At the name, all three pixies flinched.
Their wings buzzed sharply, and they exchanged a burst of rapid clicks.
"We do not speak that name lightly here," the lead pixie said, her voice suddenly brittle.
"He broke things we cannot fix," added the second.
"But you have spoken truth," said the third. "And for that, the trail opens."
A glittery path alighted in front of Eugene, in the same direction as his lie-memory had gone.
The pixies had already begun to drift back to their own business, leaving Eugene alone. The bazaar resumed its strange rhythm of motion—flute tones, chittering, and glowing trinkets exchanging hands. Whatever ceremony had passed between them was already forgotten by the crowd.
Eugene stepped toward the path, lantern in hand.
"Well," he said aloud, "I guess we follow it."
Cozimia floated beside him, her glow gentle but firm. "You did good, sugar. That one hurt, but it was true."
Enalia hovered above the path like a prism blown by a breeze. "The truth is not always pretty. But it makes the trail more real."
"Do you think they actually trust me now?" Eugene asked.
"No," Enalia replied, "but that isn’t required. This isn’t about trust. It’s about permission."
Cozimia bobbed slightly in agreement. "Besides, trust comes later. After you prove you ain’t just full of stories."
Eugene smirked and began walking. The lit stones flickered one by one as his foot approached, always guiding him forward.

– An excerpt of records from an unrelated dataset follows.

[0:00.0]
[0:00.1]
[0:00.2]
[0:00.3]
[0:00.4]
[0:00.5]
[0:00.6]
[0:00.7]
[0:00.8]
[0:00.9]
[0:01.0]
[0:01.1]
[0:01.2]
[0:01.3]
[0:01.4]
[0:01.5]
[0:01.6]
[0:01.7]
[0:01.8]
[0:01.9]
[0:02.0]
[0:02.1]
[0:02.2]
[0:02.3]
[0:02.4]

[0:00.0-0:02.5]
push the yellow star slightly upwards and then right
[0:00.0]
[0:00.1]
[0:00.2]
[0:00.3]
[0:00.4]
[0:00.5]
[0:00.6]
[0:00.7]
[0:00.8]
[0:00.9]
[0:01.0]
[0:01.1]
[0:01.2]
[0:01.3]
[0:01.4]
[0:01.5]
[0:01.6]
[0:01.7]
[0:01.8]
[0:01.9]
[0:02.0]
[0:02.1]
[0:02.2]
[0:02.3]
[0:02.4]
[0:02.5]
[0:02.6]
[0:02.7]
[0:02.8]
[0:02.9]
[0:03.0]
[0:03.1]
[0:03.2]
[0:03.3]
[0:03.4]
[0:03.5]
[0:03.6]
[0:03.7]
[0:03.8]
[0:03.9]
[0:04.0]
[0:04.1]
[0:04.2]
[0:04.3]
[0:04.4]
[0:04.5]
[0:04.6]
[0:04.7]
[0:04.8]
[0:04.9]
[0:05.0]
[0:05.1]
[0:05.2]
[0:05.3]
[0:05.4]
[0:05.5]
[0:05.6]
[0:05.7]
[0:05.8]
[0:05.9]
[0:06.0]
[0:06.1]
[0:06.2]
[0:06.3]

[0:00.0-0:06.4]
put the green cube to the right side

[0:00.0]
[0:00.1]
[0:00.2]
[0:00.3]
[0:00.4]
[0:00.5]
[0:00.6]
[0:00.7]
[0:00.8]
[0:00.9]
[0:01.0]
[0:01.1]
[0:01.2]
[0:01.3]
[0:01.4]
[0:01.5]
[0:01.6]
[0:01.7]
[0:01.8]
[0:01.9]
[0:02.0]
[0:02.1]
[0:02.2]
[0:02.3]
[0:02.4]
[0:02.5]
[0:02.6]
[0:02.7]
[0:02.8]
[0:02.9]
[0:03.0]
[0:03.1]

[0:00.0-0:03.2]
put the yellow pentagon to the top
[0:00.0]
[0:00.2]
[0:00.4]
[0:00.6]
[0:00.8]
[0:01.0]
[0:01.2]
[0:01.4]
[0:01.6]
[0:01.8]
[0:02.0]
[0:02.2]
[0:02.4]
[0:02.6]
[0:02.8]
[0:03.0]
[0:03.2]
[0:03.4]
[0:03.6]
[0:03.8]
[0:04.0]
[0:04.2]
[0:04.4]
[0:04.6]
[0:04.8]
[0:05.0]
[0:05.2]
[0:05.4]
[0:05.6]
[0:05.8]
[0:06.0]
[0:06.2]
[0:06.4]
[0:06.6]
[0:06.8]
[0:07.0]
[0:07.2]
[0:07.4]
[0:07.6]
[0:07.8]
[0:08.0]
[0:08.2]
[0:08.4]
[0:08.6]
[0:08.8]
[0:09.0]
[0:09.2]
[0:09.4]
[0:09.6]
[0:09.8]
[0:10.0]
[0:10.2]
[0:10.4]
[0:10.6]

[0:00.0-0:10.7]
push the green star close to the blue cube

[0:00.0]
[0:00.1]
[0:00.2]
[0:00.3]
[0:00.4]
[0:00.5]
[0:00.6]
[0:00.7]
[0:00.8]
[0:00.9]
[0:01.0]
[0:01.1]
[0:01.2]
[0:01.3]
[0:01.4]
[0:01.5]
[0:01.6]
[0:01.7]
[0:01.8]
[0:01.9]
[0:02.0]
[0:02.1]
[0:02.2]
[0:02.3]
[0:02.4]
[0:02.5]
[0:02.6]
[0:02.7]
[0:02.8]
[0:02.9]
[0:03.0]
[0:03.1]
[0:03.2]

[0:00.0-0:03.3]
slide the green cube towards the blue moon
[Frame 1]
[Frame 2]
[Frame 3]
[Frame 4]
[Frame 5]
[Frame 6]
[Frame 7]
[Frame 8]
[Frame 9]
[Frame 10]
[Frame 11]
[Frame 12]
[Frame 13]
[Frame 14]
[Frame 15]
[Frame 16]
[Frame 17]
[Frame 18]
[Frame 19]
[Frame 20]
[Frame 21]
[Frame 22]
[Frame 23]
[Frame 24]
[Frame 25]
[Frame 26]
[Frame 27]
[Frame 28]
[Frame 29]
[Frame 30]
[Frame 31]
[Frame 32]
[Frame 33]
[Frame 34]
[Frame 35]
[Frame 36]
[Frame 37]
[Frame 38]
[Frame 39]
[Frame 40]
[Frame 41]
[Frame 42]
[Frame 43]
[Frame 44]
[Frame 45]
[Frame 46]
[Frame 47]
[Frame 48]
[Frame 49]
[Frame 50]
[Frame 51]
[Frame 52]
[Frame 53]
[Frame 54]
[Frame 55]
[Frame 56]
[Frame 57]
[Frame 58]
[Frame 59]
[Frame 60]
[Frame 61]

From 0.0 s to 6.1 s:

"Let’s go meet the ghost who isn’t."
A sudden clatter of hooves behind him made Eugene turn.
Wobewt was there, silhouetted against the strange lights of the bazaar. His coat was dusted with glitter-mote and grit, his brow furrowed with something between worry and resolve.
"You shouldn’t go awone," the centaur said. "Not to hew. Not to She-Who-Wasn’t."
Eugene blinked. "I thought you didn’t want to say her name."
"I don’t," Wobewt replied. "But I’ww say wowse things befowe the end, I suspect. I’m coming with you."
He took a step forward onto the glittering path. "How ewse awe we evew gonna see the staws?."